Peluh keringat membanjiri pelipis Namira. Ini sudah menunjukkan pukul dua belas malam, ia baru pulang dari kafe tempatnya bekerja. Namira harus pulang dengan cepat, tidak mau nanti ibu panti tempat dirinya tinggal, khawatir karena sudah larut malam ia belum pulang.
Namira biasanya pulang jam sepuluh malam. Tetapi kafe kebetulan ramai hari ini, terus temannya yang seharusnya shift sampai tengah malam. Tidak bisa datang karena sakit. Namira menggantikan temannya itu, lumayan gaji yang didapatkan olehnya hari ini.
“¡No me mates! ¡Te apuesto!”
Namira yang mendengar suara orang yang memohon, untuk tidak dibunuh. Perlahan mulai berjalan menuju gang sempit yang ada di depan sana. Namira tidak ada rasa takut, ketika gang itu gelap dan ntah apa yang akan ditemuinya di depan sana.
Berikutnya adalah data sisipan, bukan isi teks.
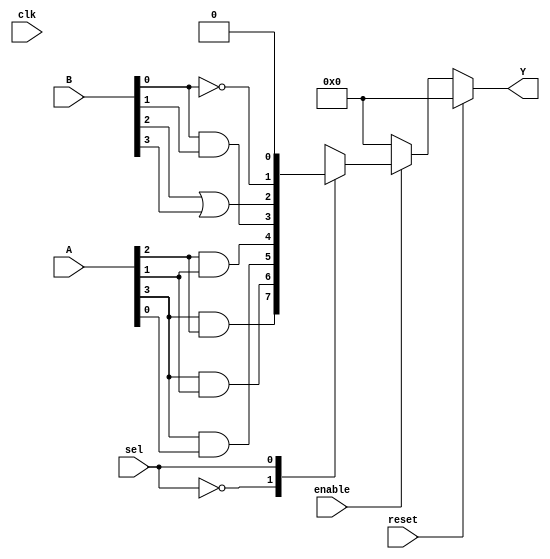
module CLB (
    input wire [3:0] A,          // 4-bit input for LUT
    input wire [3:0] B,          // Additional 4-bit input for logic gates
    input wire sel,              // Select line for multiplexer
    input wire enable,           // Enable signal for output
    input wire clk,              // Clock input (for synchronous logic)
    input wire reset,            // Reset signal
    output reg [3:0] Y           // 4-bit output
);

// Configuration memory for LUT (example: truth table for AND function)
reg [15:0] lut_memory = 16'b0000000000000001; // Example LUT configuration

// Internal signals
wire [3:0] lut_out;
wire and_out, or_out, not_out;

// LUT implementation
assign lut_out = {A[3] & A[2], A[3] & A[1], A[3] & A[0], A[2] & A[1]}; // Example LUT logic

// Additional logic gates
assign and_out = B[0] & B[1]; // AND gate
assign or_out = B[2] | B[3];   // OR gate
assign not_out = ~B[0];        // NOT gate

// Multiplexer to select output based on 'sel' signal
always @(*) begin
    if (reset) begin
        Y <= 4'b0000; // Reset output
    end else if (enable) begin
        case (sel)
            1'b0: Y <= lut_out;      // Output from LUT
            1'b1: Y <= {and_out, or_out, not_out, 1'b0}; // Output from logic gates
            default: Y <= 4'b0000;   // Default case
        endcase
    end else begin
        Y <= 4'b0000; // Disable output
    end
end

endmodule

“Kau bilang jangan membunuhmu! Oh! b*****h ini. Kau sudah berani bermain dengan saya. Kau meminta untuk menyelamatkan nyawamu yang bahkan tidak berharga ini.”
Ucapan seorang lelaki memakai pakaian serba hitam dan sarung tangan hitam di tangannya, yang memegang sebuah pisau kecil yang begitu tajam. Menatap lelaki tua di depannya yang memohon, sudah bersimbah air mata. Bahkan lelaki tua itu sudah bersujud di kaki lelaki muda itu.
“I am guilty, sir. I'm sorry, I would never-.”
Srak!
Lelaki itu menyayat leher lelaki tua di depannya, sebelum lelaki tua itu menyelesaikan ucapannya. Urat nadi leher lelaki tua itu menjulur ke depan.
“AAAA!”
Teriakan membahana di gelapnya malam. Lelaki yang baru saja membunuh seorang lelaki tua, yang menjabat sebagai petinggi negara yang begitu penting. Membuat lelaki itu menatap pada seorang wanita yang berdiri dengan tubuh menegang dan d**a yang terasa sesak melihat semua kejadian itu.
Dengan cepat lelaki itu berjalan menuju wanita yang berteriak barusan. Mengacungkan pisaunya. “Namira, little baby. What do you see darling?” tanyanya bernada berat penuh intimidasi.
Napas Namira tercekat, melihat siapa lelaki yang berdiri di depannya sekarang. “Arsen Nicholas. My ex-husband.” Ucapnya kaku, dan merasa menyesal telah penasaran dan menuju kemari.
“Yes. Kau sudah melihat semua kejadiannya Namira. Ikut dengan saya. Atau kau memilih anak-anak yang kau asuh itu terbunuh di tangan saya.” Arsen menyeringai, ancamannya tentang anak-anak panti asuhan, tempat tinggal Namira menjadi momok sebuah ketakutan dalam diri Namira.
Namira menggeleng. “Jangan ganggu mereka. Saya mohon!” ucap Namira memohon pada Arsen.
“Tidak perlu memohon sayang. Kau semenjak bercerai dengan saya, tambah cantik. Bagaimana kau menjadi—My slave who satisfies my lust, darling.”
Air mata Namira semakin berjatuhan, malam ini adalah malam paling disesali olehnya untuk rasa penasarannya yang tidak bisa ditahankan. Ia kembali terjebak dengan mantan suaminya, ikut dengan lelaki itu sebagai tahanan dan terkurung bersama mantan suaminya yang psikopat. Tidak kenal dengan namanya belas kasihan.